(Records drawn from a dataset)
·····

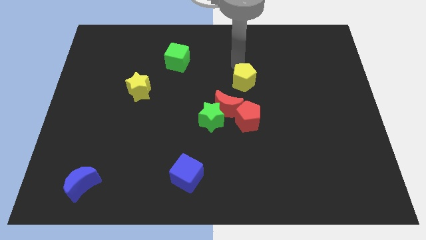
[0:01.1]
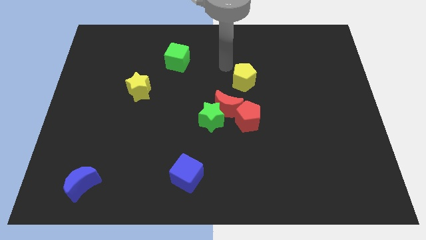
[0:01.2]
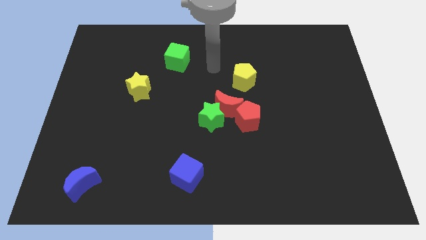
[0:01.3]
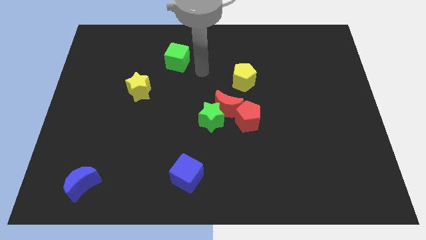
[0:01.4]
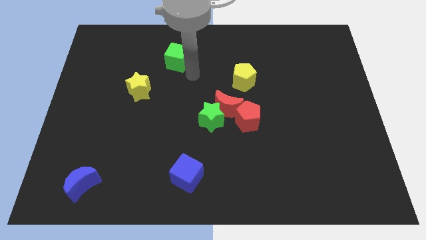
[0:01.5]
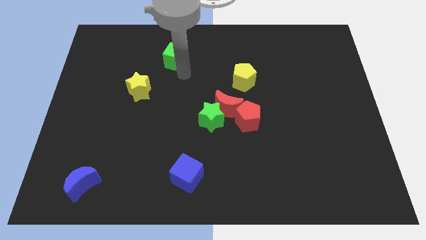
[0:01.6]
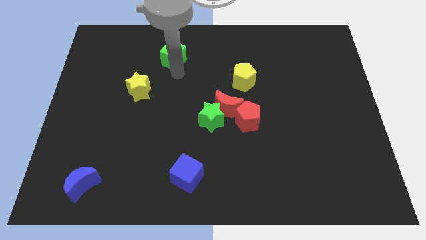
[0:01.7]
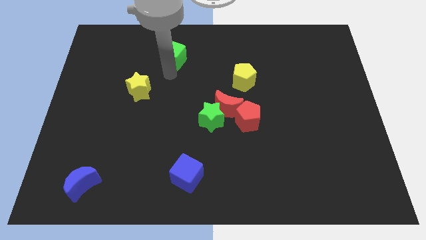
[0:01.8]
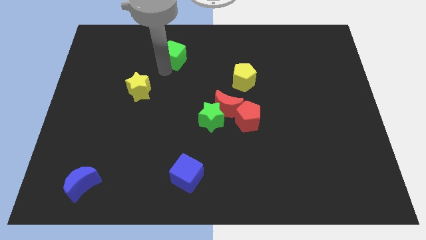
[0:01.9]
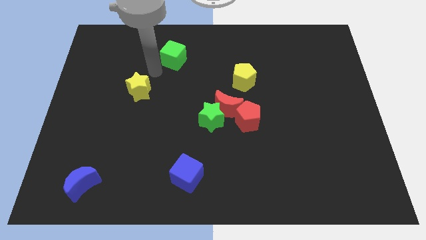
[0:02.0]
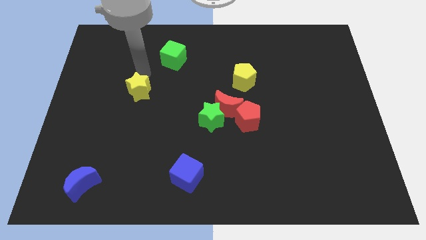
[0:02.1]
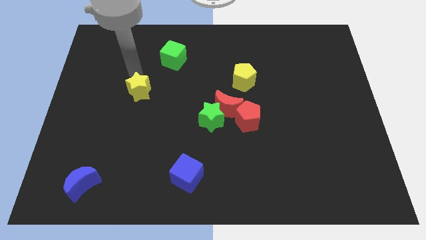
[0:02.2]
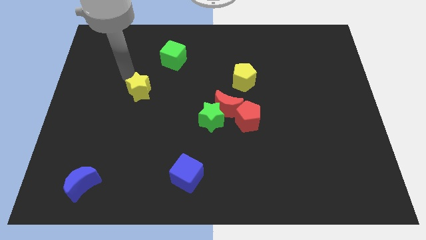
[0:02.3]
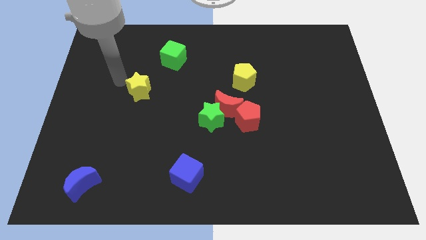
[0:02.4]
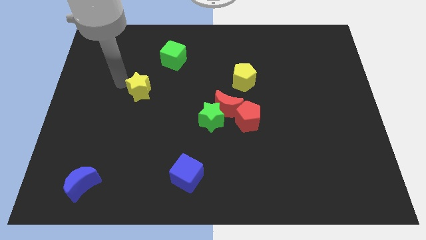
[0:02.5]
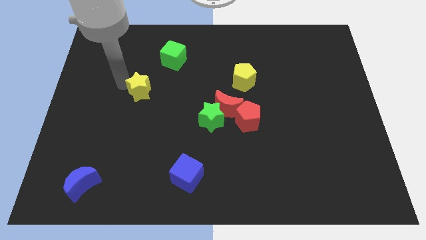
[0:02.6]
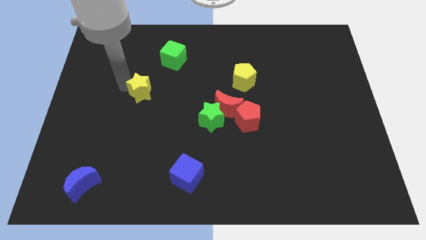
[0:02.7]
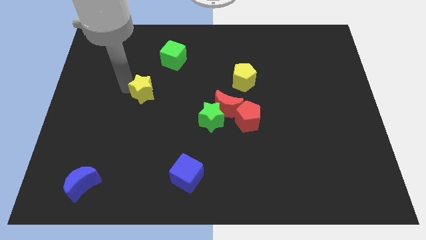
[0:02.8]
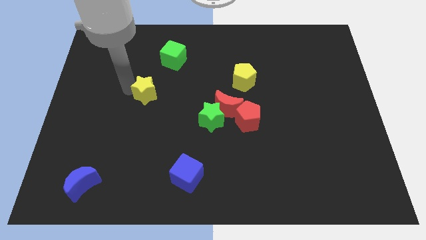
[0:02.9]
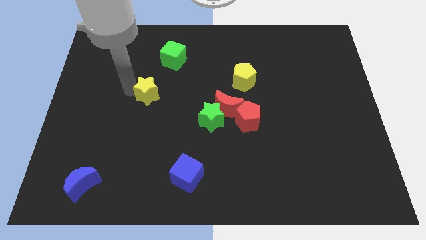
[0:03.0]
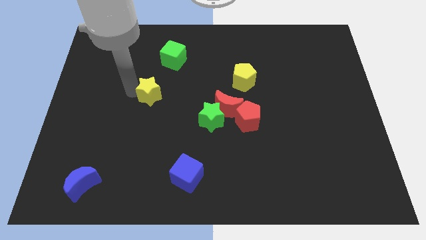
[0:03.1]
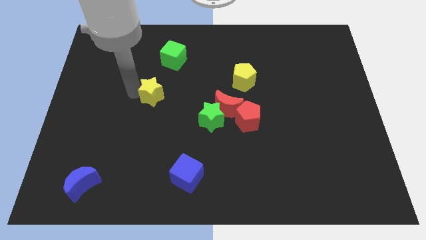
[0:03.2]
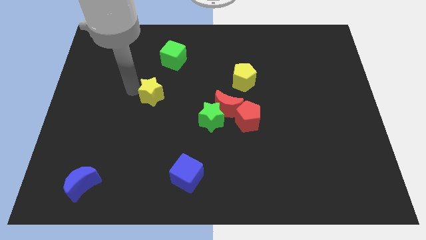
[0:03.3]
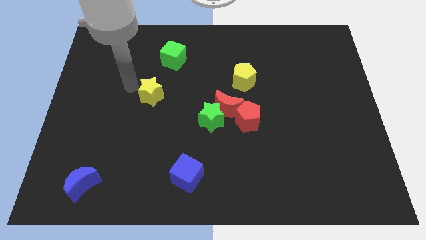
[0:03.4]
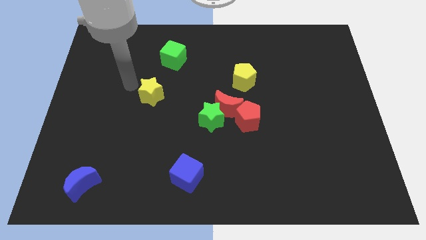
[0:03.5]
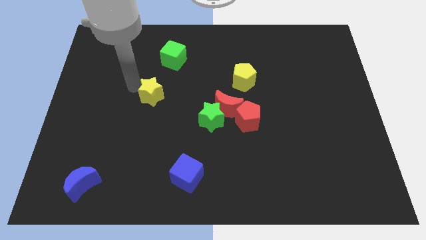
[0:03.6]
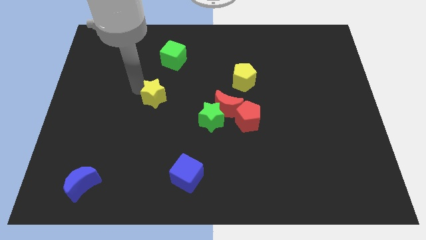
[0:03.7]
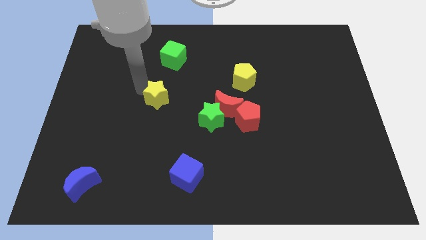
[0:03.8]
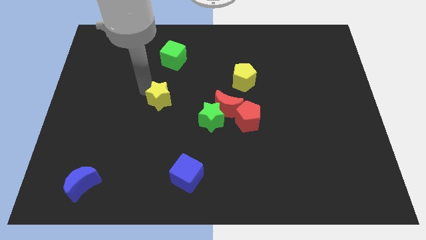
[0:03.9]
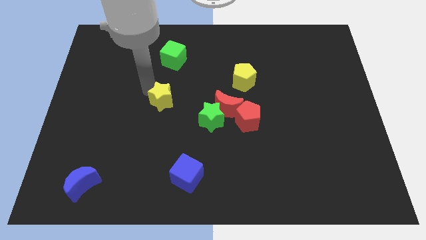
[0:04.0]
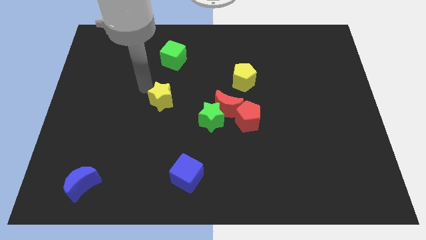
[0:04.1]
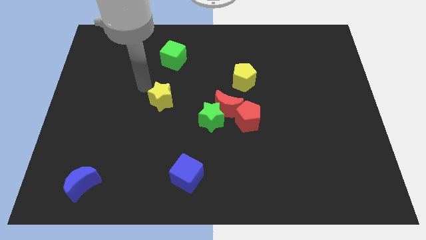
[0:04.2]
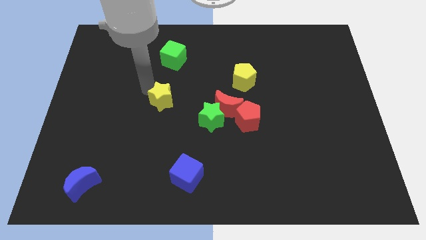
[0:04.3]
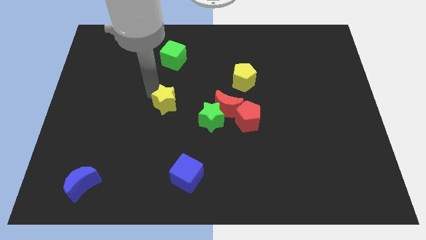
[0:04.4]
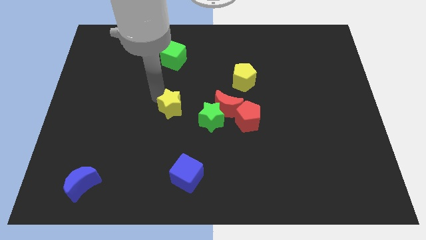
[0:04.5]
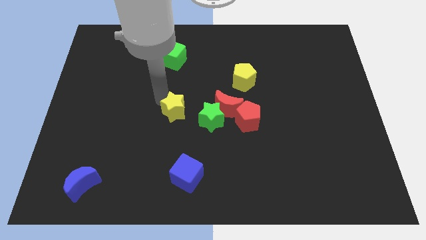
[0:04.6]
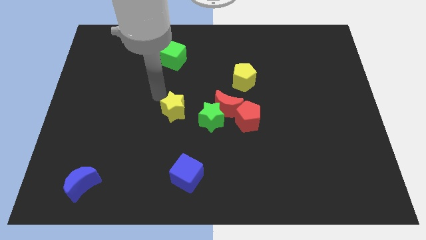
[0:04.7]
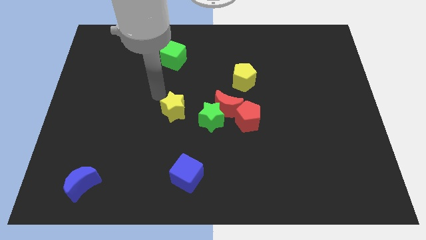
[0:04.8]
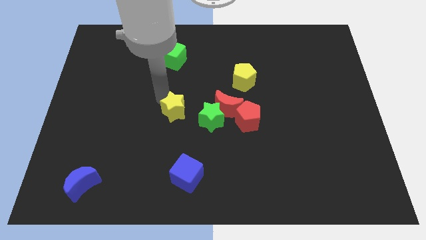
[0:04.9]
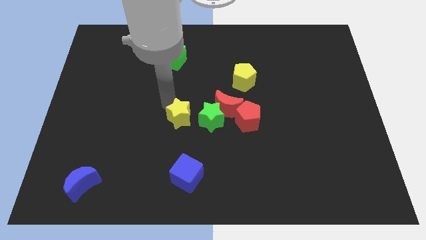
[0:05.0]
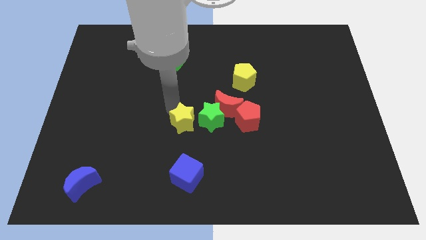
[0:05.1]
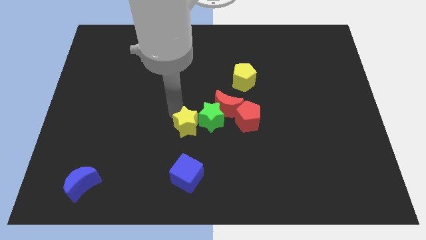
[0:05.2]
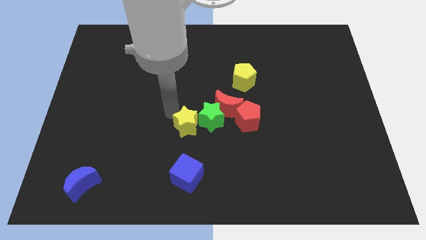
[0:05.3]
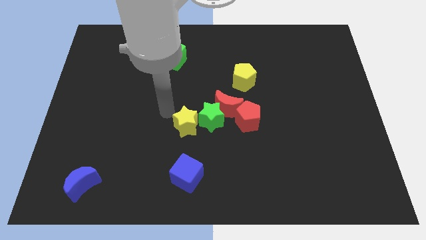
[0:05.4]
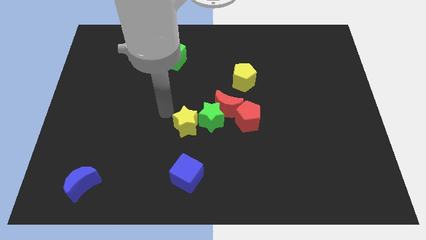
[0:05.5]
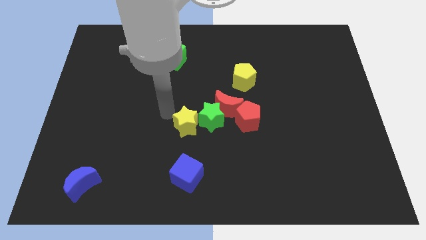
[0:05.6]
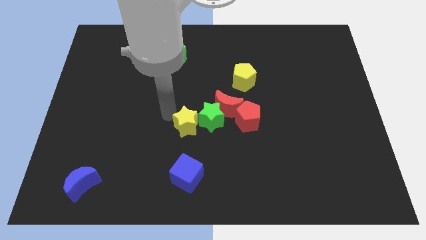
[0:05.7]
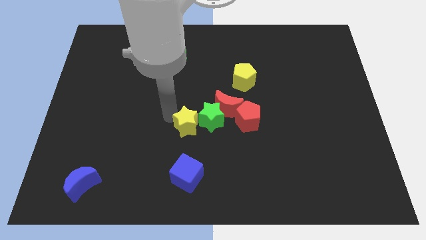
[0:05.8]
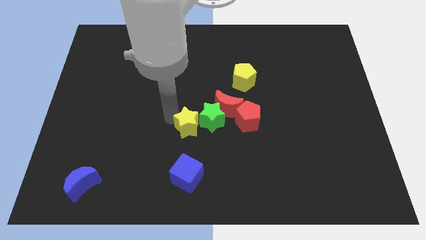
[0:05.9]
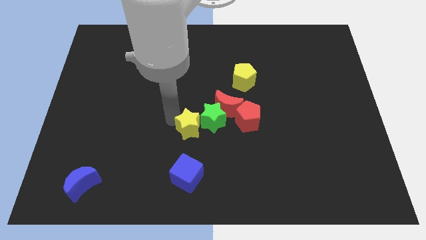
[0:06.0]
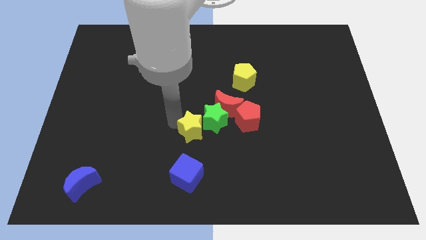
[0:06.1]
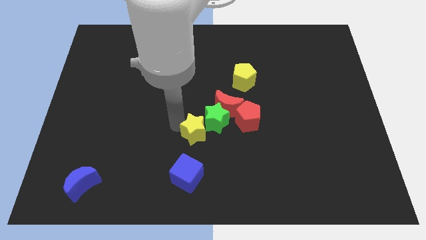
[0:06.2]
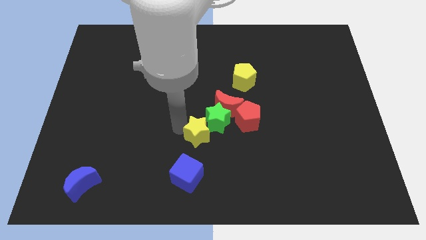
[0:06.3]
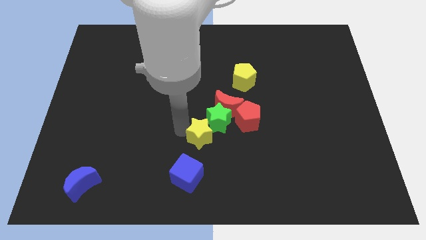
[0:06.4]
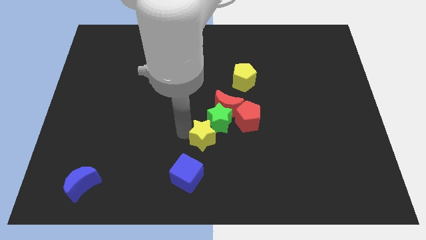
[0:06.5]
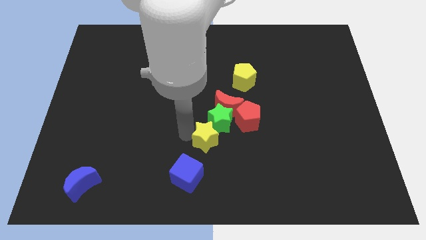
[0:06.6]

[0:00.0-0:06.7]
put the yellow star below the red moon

·····

Exercise goal
Repeat the records above verbatim, with no pictures in the result.

Reply
[0:01.1]
[0:01.2]
[0:01.3]
[0:01.4]
[0:01.5]
[0:01.6]
[0:01.7]
[0:01.8]
[0:01.9]
[0:02.0]
[0:02.1]
[0:02.2]
[0:02.3]
[0:02.4]
[0:02.5]
[0:02.6]
[0:02.7]
[0:02.8]
[0:02.9]
[0:03.0]
[0:03.1]
[0:03.2]
[0:03.3]
[0:03.4]
[0:03.5]
[0:03.6]
[0:03.7]
[0:03.8]
[0:03.9]
[0:04.0]
[0:04.1]
[0:04.2]
[0:04.3]
[0:04.4]
[0:04.5]
[0:04.6]
[0:04.7]
[0:04.8]
[0:04.9]
[0:05.0]
[0:05.1]
[0:05.2]
[0:05.3]
[0:05.4]
[0:05.5]
[0:05.6]
[0:05.7]
[0:05.8]
[0:05.9]
[0:06.0]
[0:06.1]
[0:06.2]
[0:06.3]
[0:06.4]
[0:06.5]
[0:06.6]

[0:00.0-0:06.7]
put the yellow star below the red moon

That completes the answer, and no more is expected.